## Chapter 2

## Q. 2.23

A horizontal spacer bar of uniform cross section is fastened at its two ends to unyielding walls as shown in Figure 2.36. Determine the reaction exerted by the wall at end B, if loads are applied at intermediate points as shown.

## Step-by-Step

## Verified Solution

Had there been no wall at B, there wouldn’t be a reaction at B. We release the bar from wall at B, then we write an expression for elongation of the entire bar assuming a free movement of end B.

Elongation of bar AB =\frac{450 \times 10^3 \times 100}{A E}+\frac{300 \times 10^3 \times 200}{A E}+0(\text { no load in the portion DB })

=\frac{1050 \times 10^3}{A E}

Since the wall is unyielding, it will not let the movement of B to happen.
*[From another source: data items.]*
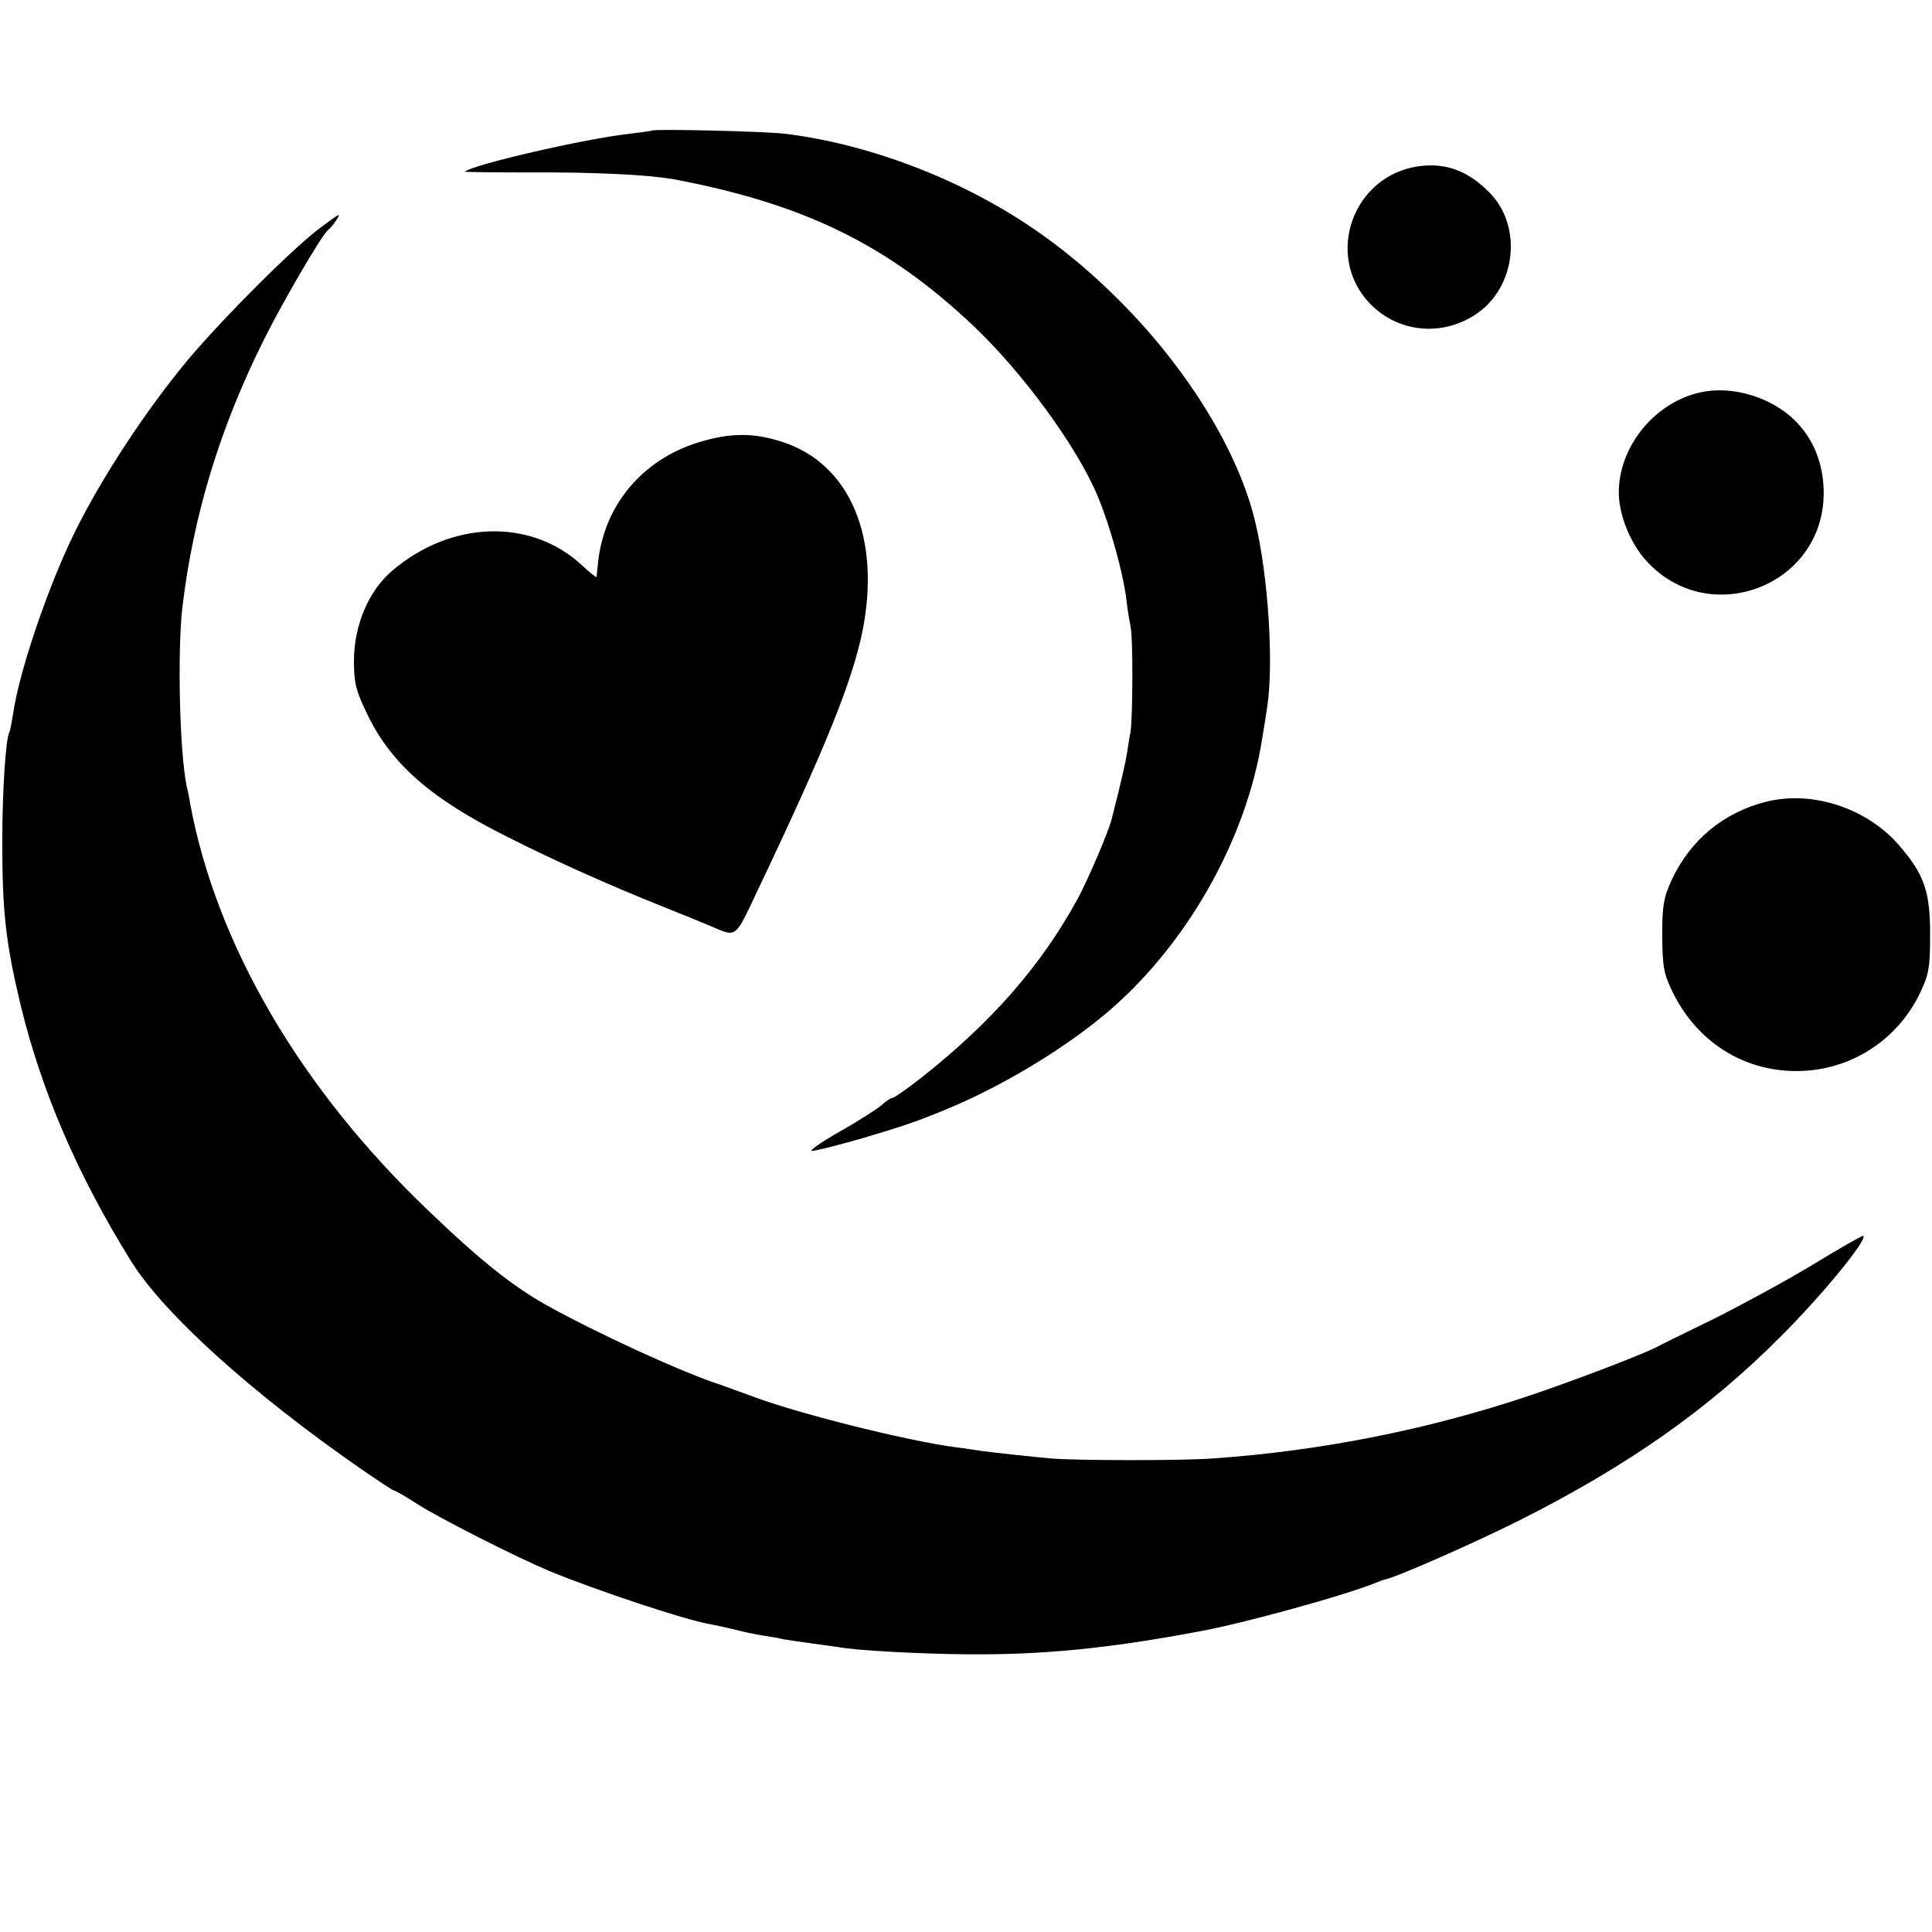 <?xml version="1.0" standalone="no"?>
<!DOCTYPE svg PUBLIC "-//W3C//DTD SVG 20010904//EN"
 "http://www.w3.org/TR/2001/REC-SVG-20010904/DTD/svg10.dtd">
<svg version="1.0" xmlns="http://www.w3.org/2000/svg"
 width="512pt" height="512pt" viewBox="0 0 512 512"
 preserveAspectRatio="xMidYMid meet">
<g transform="translate(0,512) scale(0.1,-0.1)"
fill="#000000" stroke="none">
<path d="M1728 4774 c-2 -1 -30 -5 -63 -9 -117 -13 -415 -82 -433 -100 -2 -1
77 -2 175 -2 168 1 310 -6 378 -18 345 -65 567 -173 795 -389 131 -124 275
-321 329 -451 33 -79 68 -205 76 -274 3 -25 8 -57 11 -71 7 -29 6 -242 0 -280
-3 -14 -7 -41 -10 -60 -3 -19 -13 -62 -21 -95 -8 -33 -17 -67 -19 -76 -9 -35
-61 -156 -89 -209 -98 -180 -231 -331 -418 -478 -37 -29 -70 -52 -75 -52 -4 0
-17 -9 -28 -19 -12 -10 -61 -42 -111 -70 -49 -28 -82 -51 -73 -51 9 0 69 15
135 34 104 31 138 42 218 75 141 58 299 151 416 247 216 177 381 462 424 737
3 17 9 55 13 82 18 114 3 352 -32 494 -44 183 -176 399 -354 579 -132 133
-264 228 -422 305 -150 73 -314 123 -465 142 -51 7 -352 14 -357 9z"/>
<path d="M3757 4679 c-172 -26 -246 -235 -129 -361 75 -80 194 -92 286 -29
104 72 121 231 34 320 -58 59 -118 81 -191 70z"/>
<path d="M838 4508 c-79 -62 -276 -261 -356 -361 -115 -142 -233 -326 -298
-467 -66 -142 -134 -346 -149 -450 -4 -24 -8 -47 -10 -50 -10 -16 -19 -161
-19 -290 0 -186 9 -268 49 -435 55 -226 150 -448 291 -675 86 -140 321 -352
611 -553 45 -31 84 -57 87 -57 3 0 30 -15 59 -34 62 -40 264 -142 352 -179
129 -53 358 -129 425 -141 14 -2 43 -9 65 -14 22 -6 56 -13 75 -16 19 -3 44
-7 55 -10 11 -2 45 -7 75 -11 30 -4 63 -9 72 -10 45 -9 217 -18 338 -19 201
-2 375 15 615 60 118 21 396 98 475 131 8 3 17 7 20 7 33 7 237 97 355 156
290 146 502 295 695 489 109 109 229 255 218 266 -1 2 -61 -32 -133 -76 -71
-43 -191 -108 -265 -145 -74 -36 -143 -70 -152 -75 -39 -20 -220 -89 -336
-128 -269 -90 -551 -146 -837 -166 -75 -6 -364 -6 -430 0 -46 4 -149 15 -185
20 -14 2 -45 7 -70 10 -133 18 -423 91 -540 136 -30 11 -66 24 -80 29 -100 32
-333 139 -465 213 -88 50 -174 118 -310 249 -339 323 -562 706 -631 1078 -2
14 -6 34 -9 45 -19 89 -25 353 -12 473 29 245 99 477 217 713 51 102 152 275
169 289 12 10 33 40 28 40 -3 0 -29 -19 -59 -42z"/>
<path d="M4510 4081 c-123 -25 -220 -143 -220 -266 0 -58 29 -131 70 -178 166
-188 475 -71 473 179 -1 107 -54 194 -147 239 -58 28 -120 37 -176 26z"/>
<path d="M1852 3948 c-150 -46 -251 -167 -267 -318 -2 -19 -4 -37 -4 -39 -1
-2 -20 13 -42 34 -135 122 -344 115 -499 -17 -63 -53 -102 -145 -102 -240 0
-57 5 -79 35 -140 63 -132 169 -225 374 -327 120 -61 275 -130 408 -183 55
-22 114 -46 130 -53 68 -29 62 -34 124 98 179 376 248 548 276 681 51 250 -32
447 -212 505 -77 25 -139 24 -221 -1z"/>
<path d="M4679 2995 c-112 -29 -198 -100 -248 -205 -22 -48 -26 -68 -26 -150
1 -84 4 -101 29 -152 70 -140 206 -218 359 -205 128 11 241 90 296 207 23 48
26 68 26 155 0 114 -16 159 -85 238 -86 97 -230 143 -351 112z"/>
</g>
</svg>

This is because of compressive effect of reaction R_{ B } .

\text { Contraction of bar } AB \text { due to } R_{ B }=\frac{R_{ B } \times 1000(100+200+300)}{A E}

As there is no change in the length of spacer bar,

Elongation caused by loads = Contraction caused by the reaction

∴ \frac{1050 \times 10^3}{A E}=\frac{R_{ B } \times 1000 \times 600}{A E}

R_{ B }=\frac{1050 \times 10^5}{6 \times 10^5}=175 kN

Reaction at A can also be found out by applying equation of equilibrium:

\begin{gathered} \sum F_X=0 \\ R_{ A }+175-300-150=0, \quad \therefore \quad R_{ A }=275 kN \end{gathered}